詩雲并未驚慌,她記得“越是這種時候便越要冷靜”。
感受着四周越來越靜的荒野,她将幻彩珠握在了手中,抱着一試的心态。因爲她并不知道月光夜叉是什麽樣子,隻能寄希望于這顆幻彩珠。變成幻鱗是不可能的,因爲那樣隻會引來更多的妖獸(靈智,是妖獸一種本能的向往)。對于王獸它們會匍匐,可是對于未達王獸境界的“智者的誘惑”它們會拼盡全力。
如果不行,她就會嘗試越階變成那頭嘯山虎的模樣,雖然這樣她不知道自己能夠維持多久,可是能夠拖住一時便是一時。
寂靜的曠野,沒有一聲蟲鳴的夜晚,在那一頭頭接近的妖獸的驚懼目光中,一對月光之翼緩緩展開,柔美的月羽下,那個恐怖的身影抓着兩個獵物離開了這裏。
不知是否孫姑娘在天有靈,幻彩珠融合得很順利。而且這顆幻彩珠中有一些孫姑娘極其看重的記憶,而在這記憶中有一種令她惺惺相惜的上古兇獸——月光夜叉。
借助着幻彩珠的力量,化作月光夜叉的詩雲帶着半死不活的葉缺和蒙武來到了這個山洞前。巧的是這裏竟然是一群飛天夜叉的洞穴,看着月光下的王者,它們毫不猶豫地讓出了洞穴。
葉缺在詩雲的悉心照料下幾rì後醒了過來,他醒來後又過了一天,那頭黃金吼凱旋。
“吼!”黃金吼一回來便發現了這裏的異樣,因爲曾經的飛天夜叉的洞穴口滿是它們的屍體。
“吼!”
洞口,月光羽翼出現,隻是發出吼聲的不是詩雲,而是羽翼後面的葉缺。也許是黃金吼看上了月光夜叉,因爲葉缺覺得它這一次實在是太好說話了。很快,雙方之間就達成了協議。改造一番後這裏就成爲了月光夜叉的洞府,而作爲條件就是黃金吼離去的時候它負責幫忙看守它的洞府就行了。畢竟月光夜叉的實力擺在那裏,就算沒有月關也是上古兇獸中的佼佼者,隻是這頭黃金吼怎麽也想不到這對美輪美奂的羽翼不是真實存在的翅膀。
“葉小鬼,你真的會獸語!?”打發了黃金吼後詩雲驚訝地看着葉缺。
“一點點。

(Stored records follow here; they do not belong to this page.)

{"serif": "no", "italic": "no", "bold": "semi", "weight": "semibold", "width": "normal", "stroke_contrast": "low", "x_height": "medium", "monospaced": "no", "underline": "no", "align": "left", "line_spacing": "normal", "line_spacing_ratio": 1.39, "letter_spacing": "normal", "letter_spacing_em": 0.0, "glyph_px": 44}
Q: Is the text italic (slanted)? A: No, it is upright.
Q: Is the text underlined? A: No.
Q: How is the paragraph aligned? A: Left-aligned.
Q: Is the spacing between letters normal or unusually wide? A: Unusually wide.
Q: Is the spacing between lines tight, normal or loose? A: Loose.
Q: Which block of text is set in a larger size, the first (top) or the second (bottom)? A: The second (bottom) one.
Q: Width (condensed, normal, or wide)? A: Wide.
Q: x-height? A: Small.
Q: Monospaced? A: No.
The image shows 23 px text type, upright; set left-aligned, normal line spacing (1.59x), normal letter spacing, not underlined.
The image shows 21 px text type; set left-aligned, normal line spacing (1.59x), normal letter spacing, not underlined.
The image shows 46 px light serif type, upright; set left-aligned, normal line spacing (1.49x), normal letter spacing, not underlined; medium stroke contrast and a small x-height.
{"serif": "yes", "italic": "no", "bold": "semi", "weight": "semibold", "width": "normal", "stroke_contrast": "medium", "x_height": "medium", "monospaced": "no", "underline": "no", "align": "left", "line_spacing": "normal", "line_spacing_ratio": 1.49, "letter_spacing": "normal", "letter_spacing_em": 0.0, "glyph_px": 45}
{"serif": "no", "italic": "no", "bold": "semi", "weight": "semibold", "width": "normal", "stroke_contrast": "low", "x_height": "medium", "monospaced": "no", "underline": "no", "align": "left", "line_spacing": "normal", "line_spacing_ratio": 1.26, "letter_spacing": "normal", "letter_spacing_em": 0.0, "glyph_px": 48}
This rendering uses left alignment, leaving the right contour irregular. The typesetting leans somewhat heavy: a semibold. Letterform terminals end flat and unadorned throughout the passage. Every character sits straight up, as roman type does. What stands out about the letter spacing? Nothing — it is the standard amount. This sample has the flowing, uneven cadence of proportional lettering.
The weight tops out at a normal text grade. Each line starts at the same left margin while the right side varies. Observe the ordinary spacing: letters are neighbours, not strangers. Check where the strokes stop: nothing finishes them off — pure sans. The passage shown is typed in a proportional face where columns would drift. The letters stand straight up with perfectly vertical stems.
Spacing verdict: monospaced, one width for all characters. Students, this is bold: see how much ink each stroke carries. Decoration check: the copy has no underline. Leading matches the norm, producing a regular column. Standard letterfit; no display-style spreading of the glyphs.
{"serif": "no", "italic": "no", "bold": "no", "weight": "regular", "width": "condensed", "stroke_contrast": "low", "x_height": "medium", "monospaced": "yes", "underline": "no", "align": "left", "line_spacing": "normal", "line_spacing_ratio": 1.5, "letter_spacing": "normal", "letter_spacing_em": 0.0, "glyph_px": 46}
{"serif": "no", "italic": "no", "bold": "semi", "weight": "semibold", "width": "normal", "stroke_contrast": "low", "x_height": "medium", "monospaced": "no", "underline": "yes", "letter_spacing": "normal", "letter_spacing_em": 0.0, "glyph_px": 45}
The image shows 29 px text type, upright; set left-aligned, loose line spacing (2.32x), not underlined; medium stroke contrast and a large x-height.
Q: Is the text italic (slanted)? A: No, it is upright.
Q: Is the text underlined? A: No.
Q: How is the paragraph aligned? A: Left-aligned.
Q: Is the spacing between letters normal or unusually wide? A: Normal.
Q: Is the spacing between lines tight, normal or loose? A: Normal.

”
“哼哼!”詩雲突然變了臉sè,用拷問般的目光盯着他,“我看到了!”
“看到什麽了?”
“你抱着孫姑娘,是你讓她閉上眼睛,還是你主動……”
“我可以肯定告訴你的就是……”
“就是什麽?”
“那些都不是幻覺!”閉目中,葉缺等了許久卻什麽都沒有發生。随後他有些怕怕的動了動左眼,看見了表情沉重的詩雲。
“葉小鬼,我想問你一個問題。”
“什麽問題?”
“爲什麽你們都這麽肯定我們不能回青樹城了?”
聽到這個問題葉缺長長地舒了口氣,“這是一個不成文的規定,屠妖盛會一旦開啓,那那座城池便會與世隔絕,直到一年以後才會再度開啓。”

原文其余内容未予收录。